*** RECORDS PROVIDED Section Begins ***
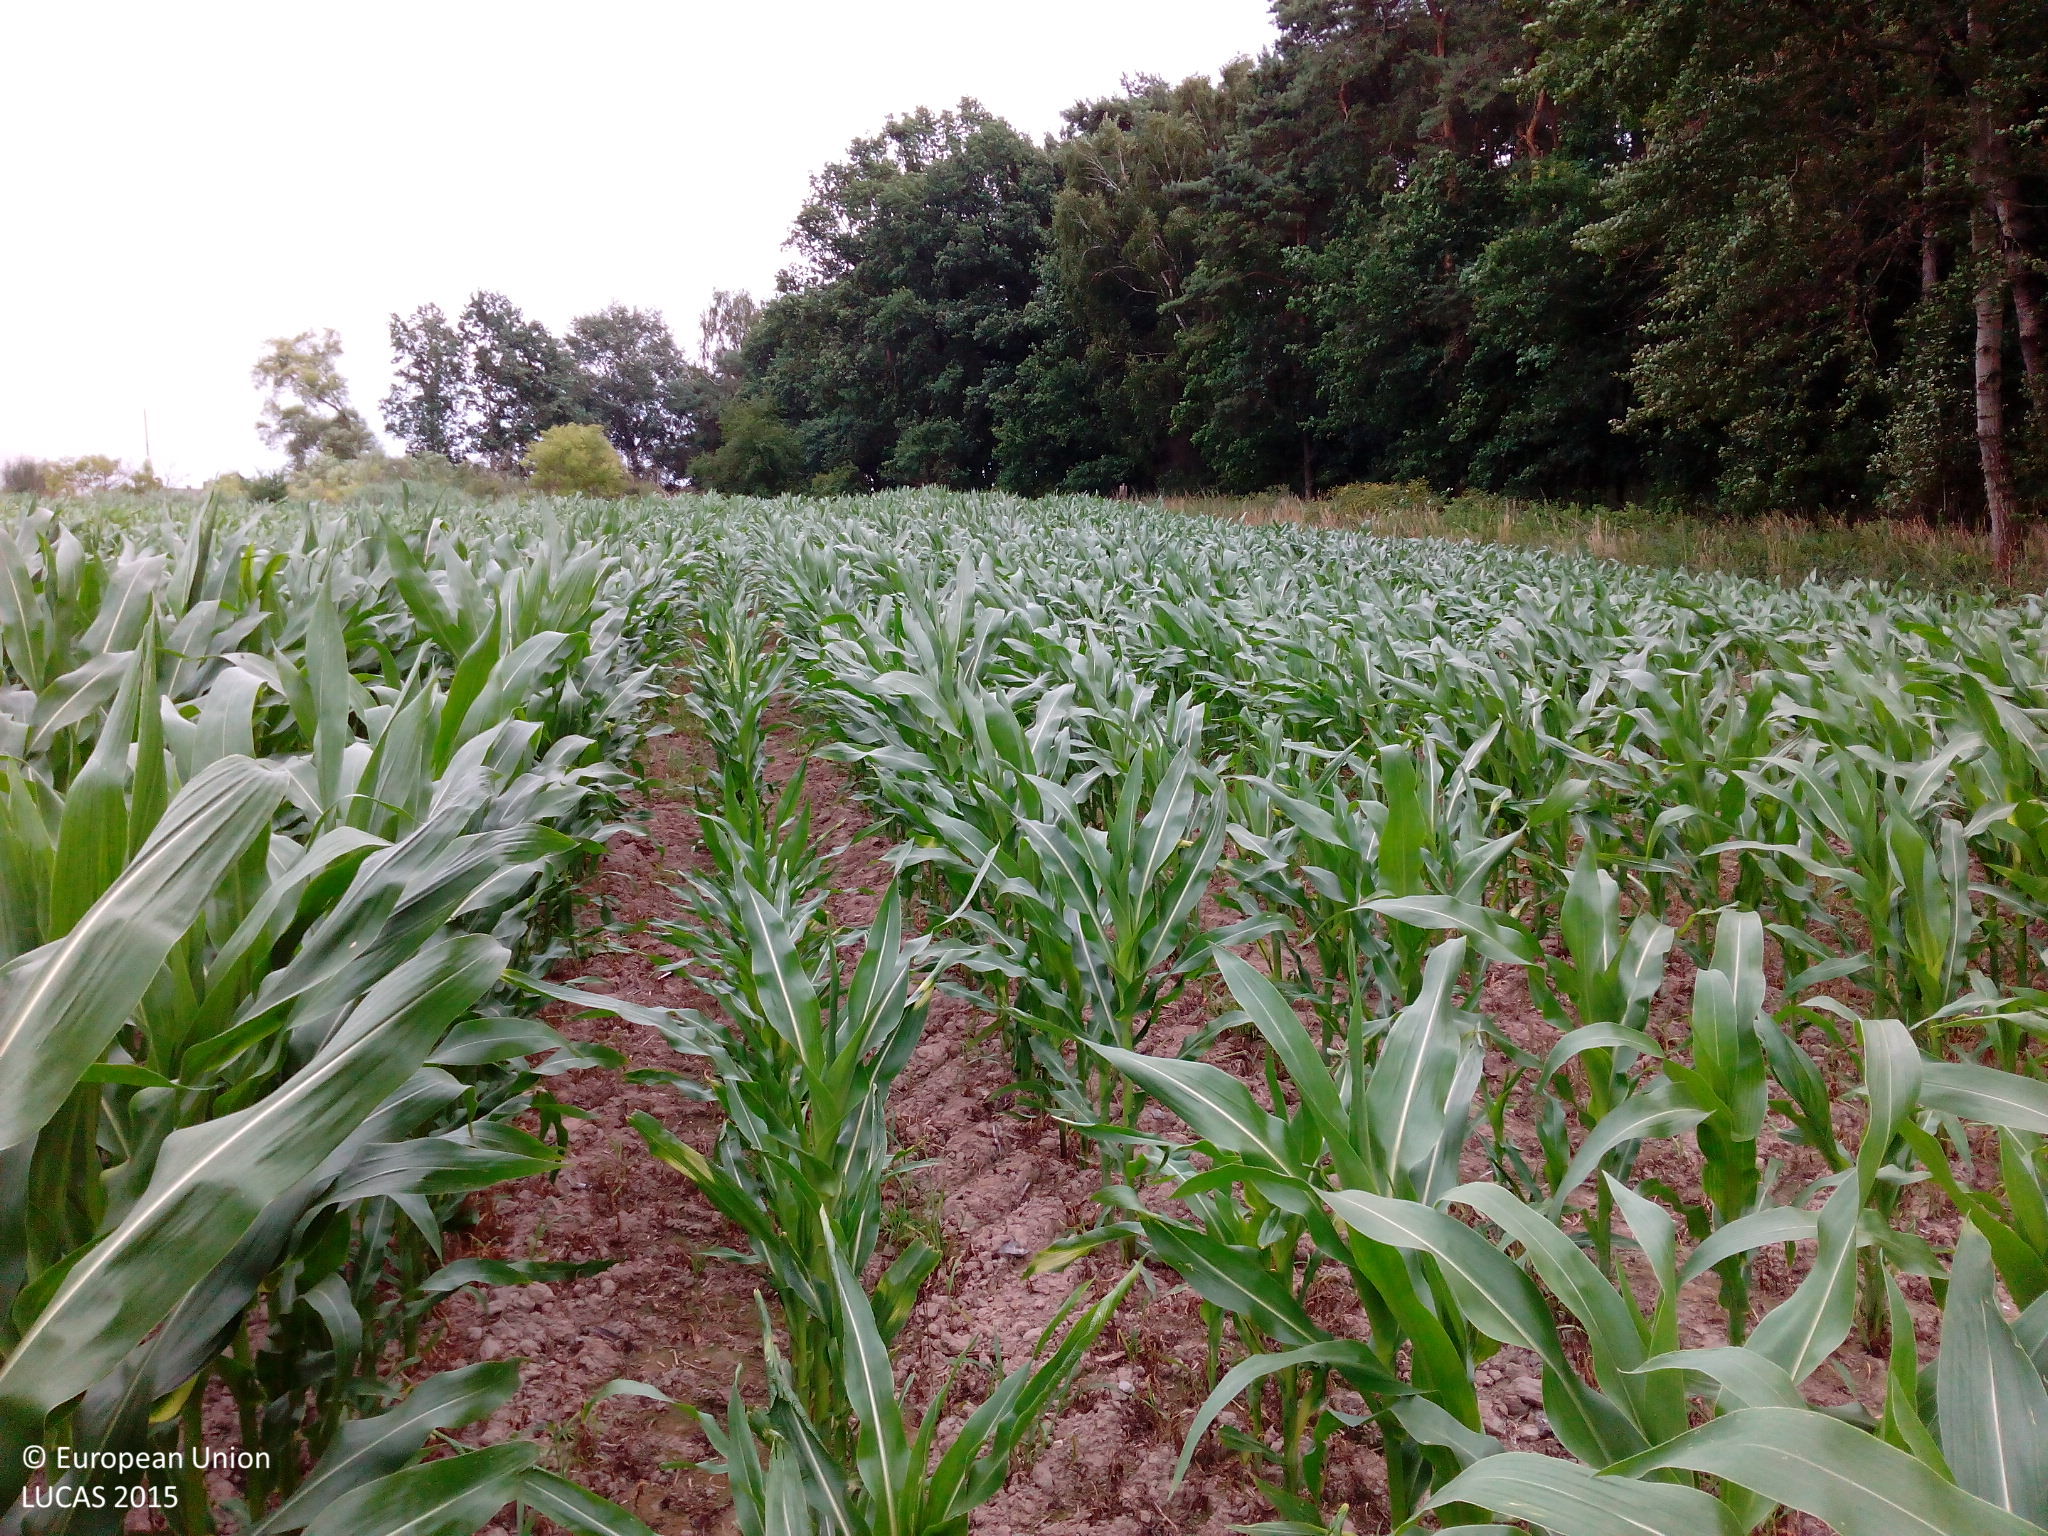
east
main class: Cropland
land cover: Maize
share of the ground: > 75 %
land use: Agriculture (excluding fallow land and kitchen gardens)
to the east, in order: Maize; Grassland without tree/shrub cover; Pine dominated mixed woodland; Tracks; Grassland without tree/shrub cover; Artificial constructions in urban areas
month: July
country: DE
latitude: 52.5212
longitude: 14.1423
*** RECORDS PROVIDED Section Ends ***
*** RECORDS PROVIDED Section Begins ***
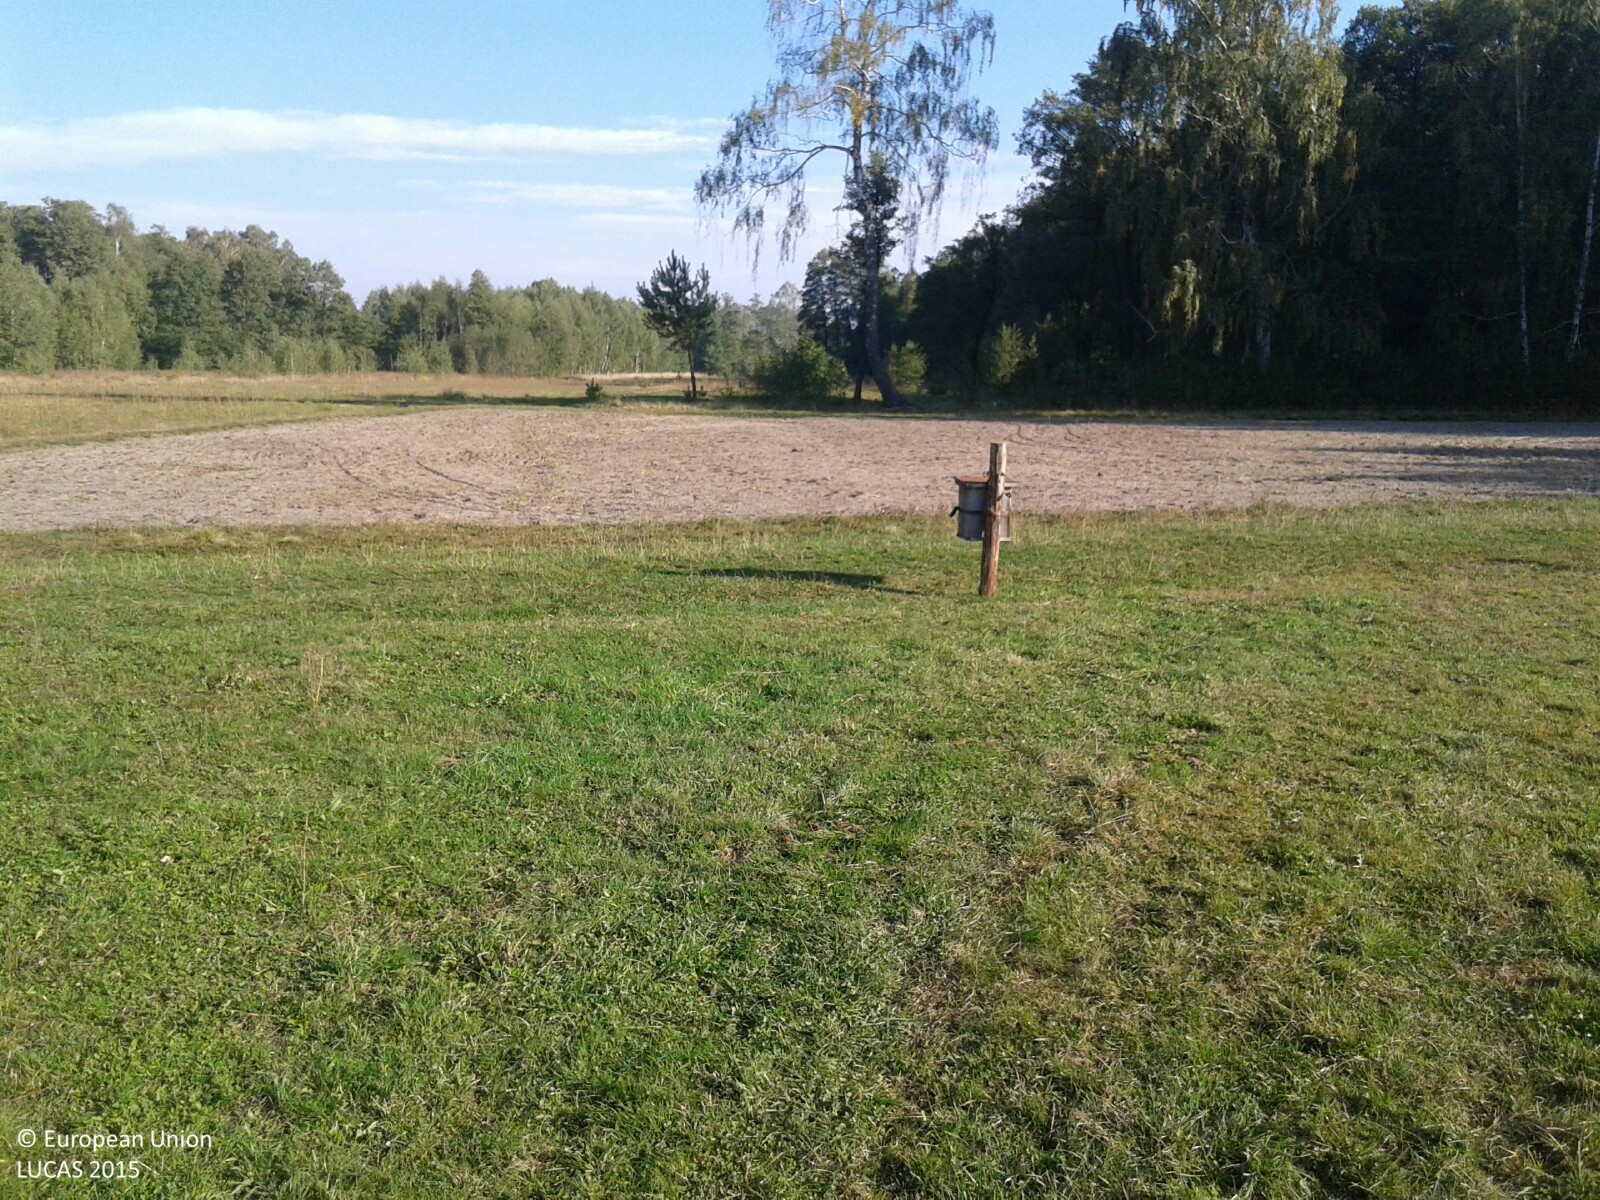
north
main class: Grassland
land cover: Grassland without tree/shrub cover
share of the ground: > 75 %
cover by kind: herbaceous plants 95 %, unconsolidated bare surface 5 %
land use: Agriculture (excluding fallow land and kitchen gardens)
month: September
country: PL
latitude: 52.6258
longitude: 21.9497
*** RECORDS PROVIDED Section Ends ***
WORK ORDER: From the records above, copy each line where the word "cover" can be found.

SOLUTION:
land cover: Maize
to the east, in order: Maize; Grassland without tree/shrub cover; Pine dominated mixed woodland; Tracks; Grassland without tree/shrub cover; Artificial constructions in urban areas
land cover: Grassland without tree/shrub cover
cover by kind: herbaceous plants 95 %, unconsolidated bare surface 5 %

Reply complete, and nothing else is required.